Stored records
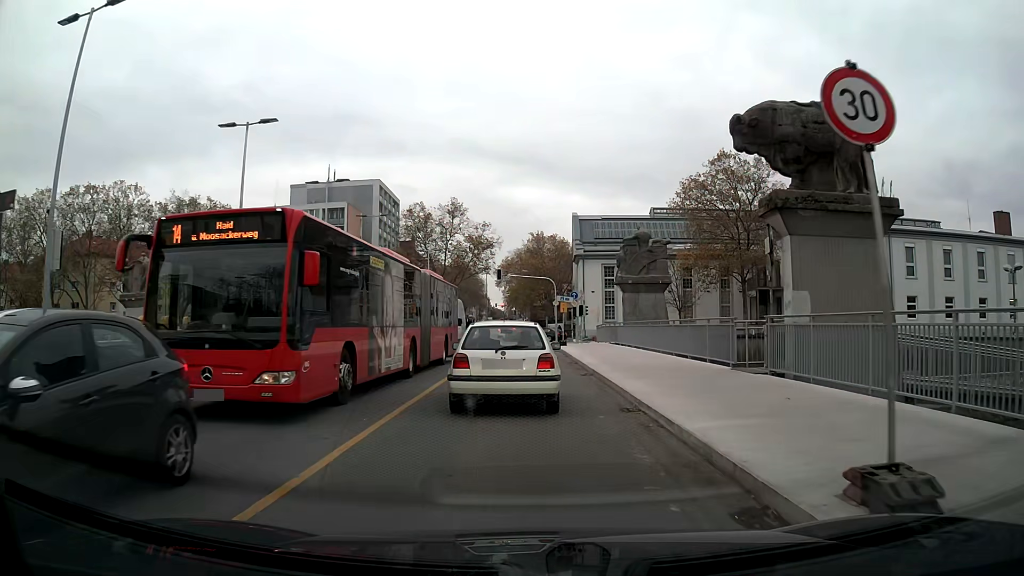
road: secondary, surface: asphalt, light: Day
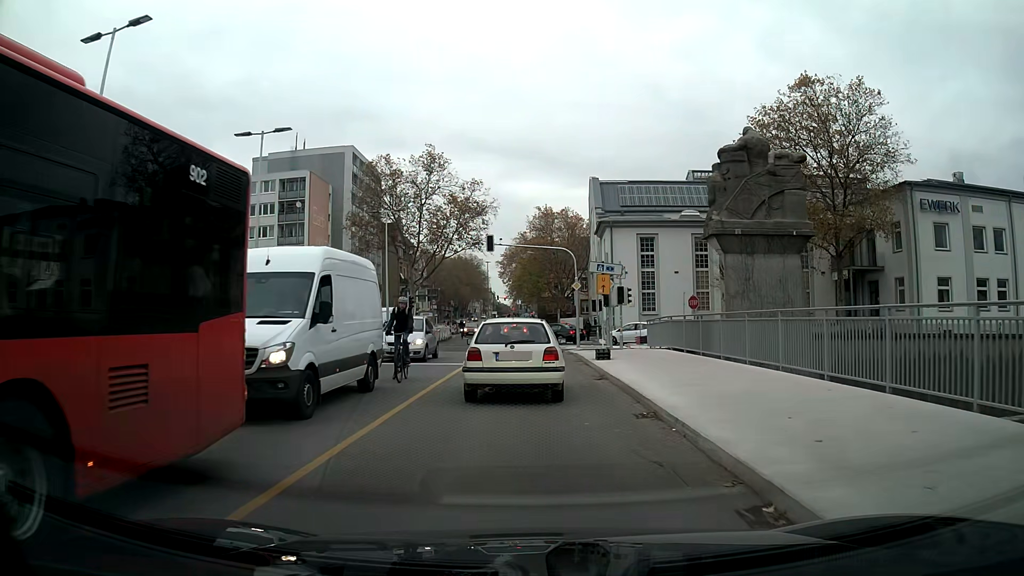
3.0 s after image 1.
(-0.2, +20.1) m; -1°
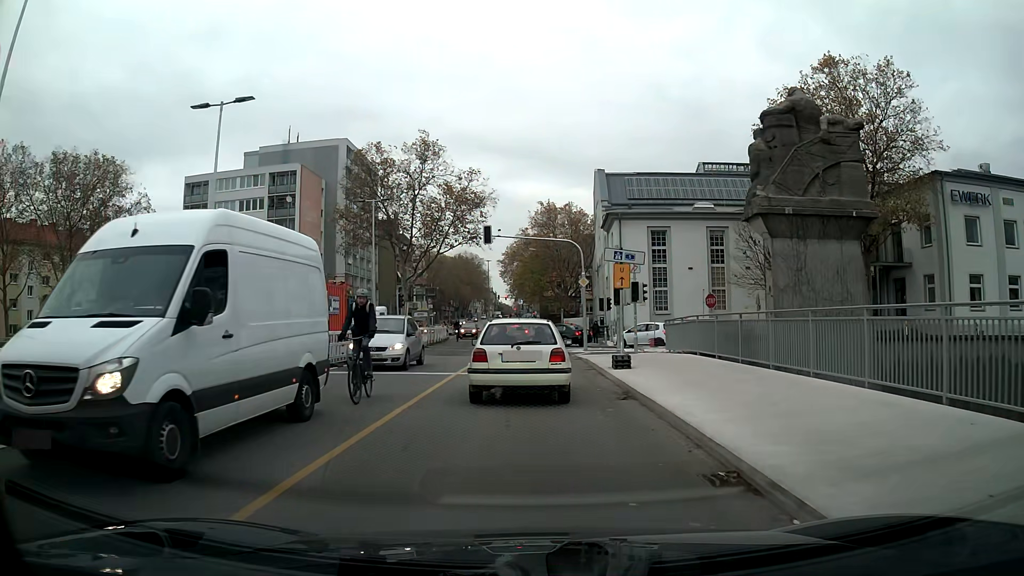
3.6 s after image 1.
(0.0, +3.9) m; 0°
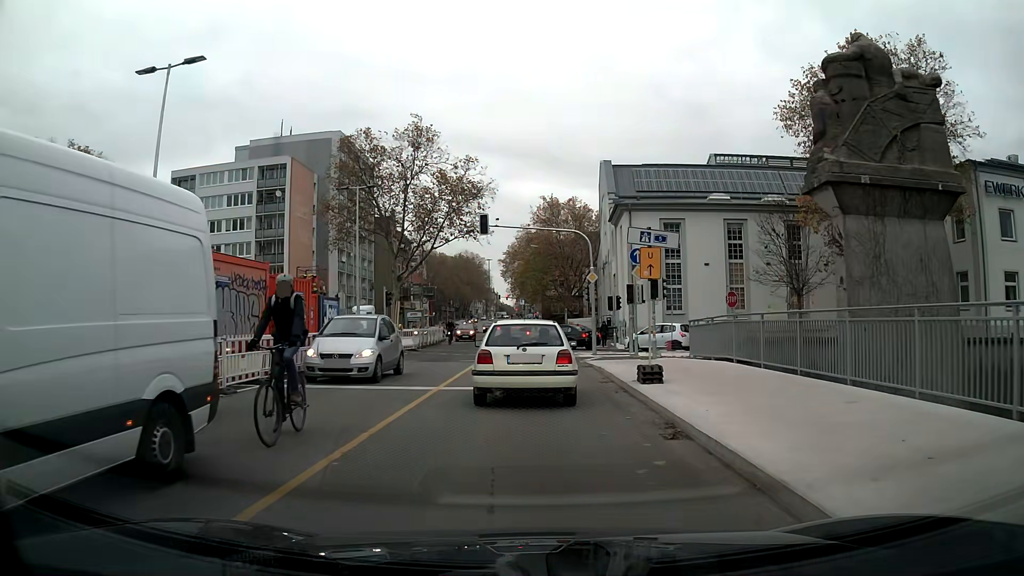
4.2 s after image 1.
(0.0, +3.9) m; 0°
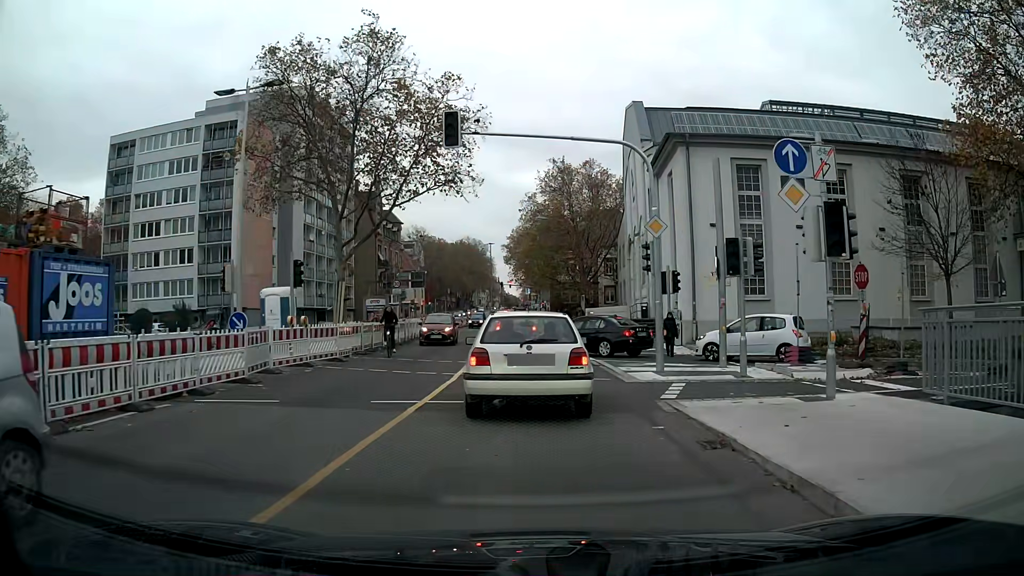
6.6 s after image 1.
(0.0, +14.4) m; 0°
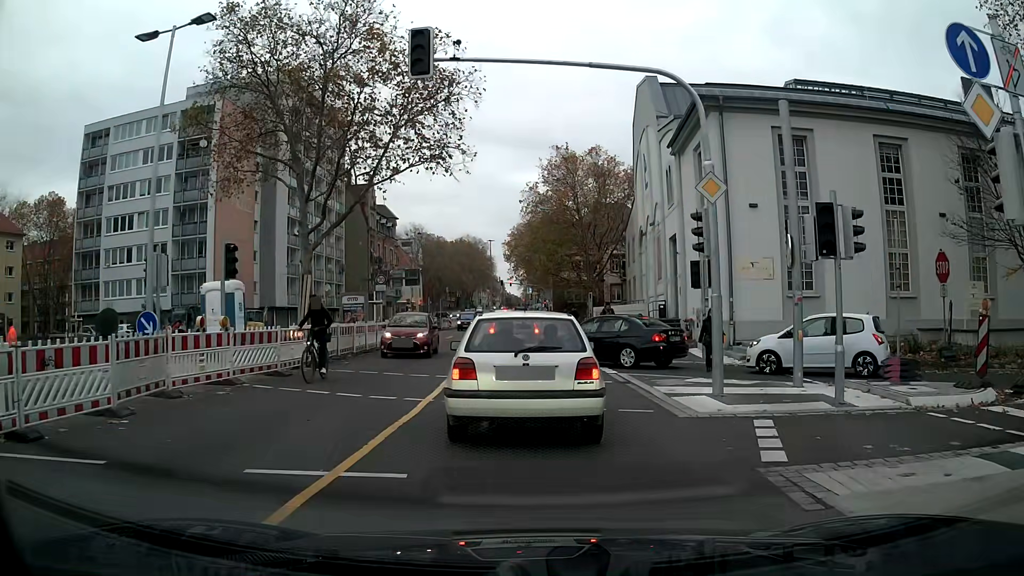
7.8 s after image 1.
(0.0, +4.8) m; 0°
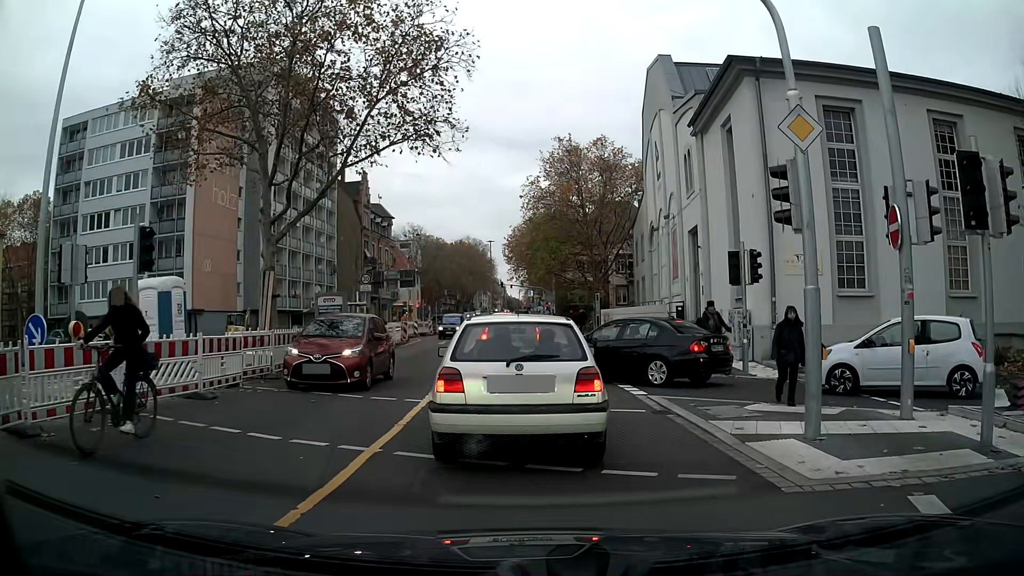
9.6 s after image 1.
(0.0, +3.9) m; 0°
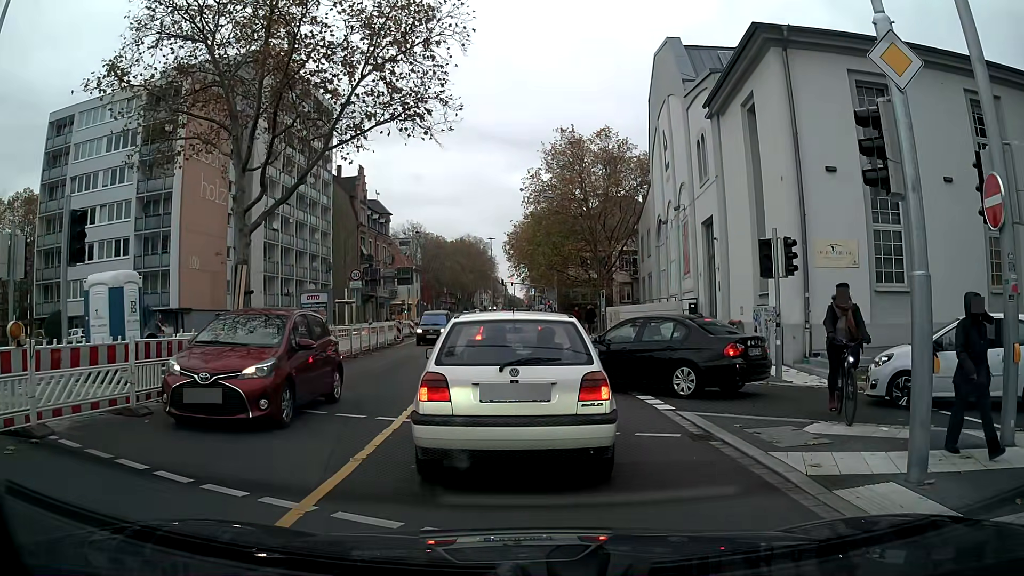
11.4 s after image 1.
(0.0, +2.2) m; 0°
(0, +10) (0, +20) (-1, +30) (-1, +40) (-1, +50) (-1, +60) (-1, +70) (-1, +80) (-1, +90) (-1, +100) m

**WORK ITEM**
Please hand back every entry above exactly, with no images in the copy.

**TASK SOLUTION**
road: secondary, surface: asphalt, light: Day
3.0 s after image 1.
(-0.2, +20.1) m; -1°
3.6 s after image 1.
(0.0, +3.9) m; 0°
4.2 s after image 1.
(0.0, +3.9) m; 0°
6.6 s after image 1.
(0.0, +14.4) m; 0°
7.8 s after image 1.
(0.0, +4.8) m; 0°
9.6 s after image 1.
(0.0, +3.9) m; 0°
11.4 s after image 1.
(0.0, +2.2) m; 0°
(0, +10) (0, +20) (-1, +30) (-1, +40) (-1, +50) (-1, +60) (-1, +70) (-1, +80) (-1, +90) (-1, +100) m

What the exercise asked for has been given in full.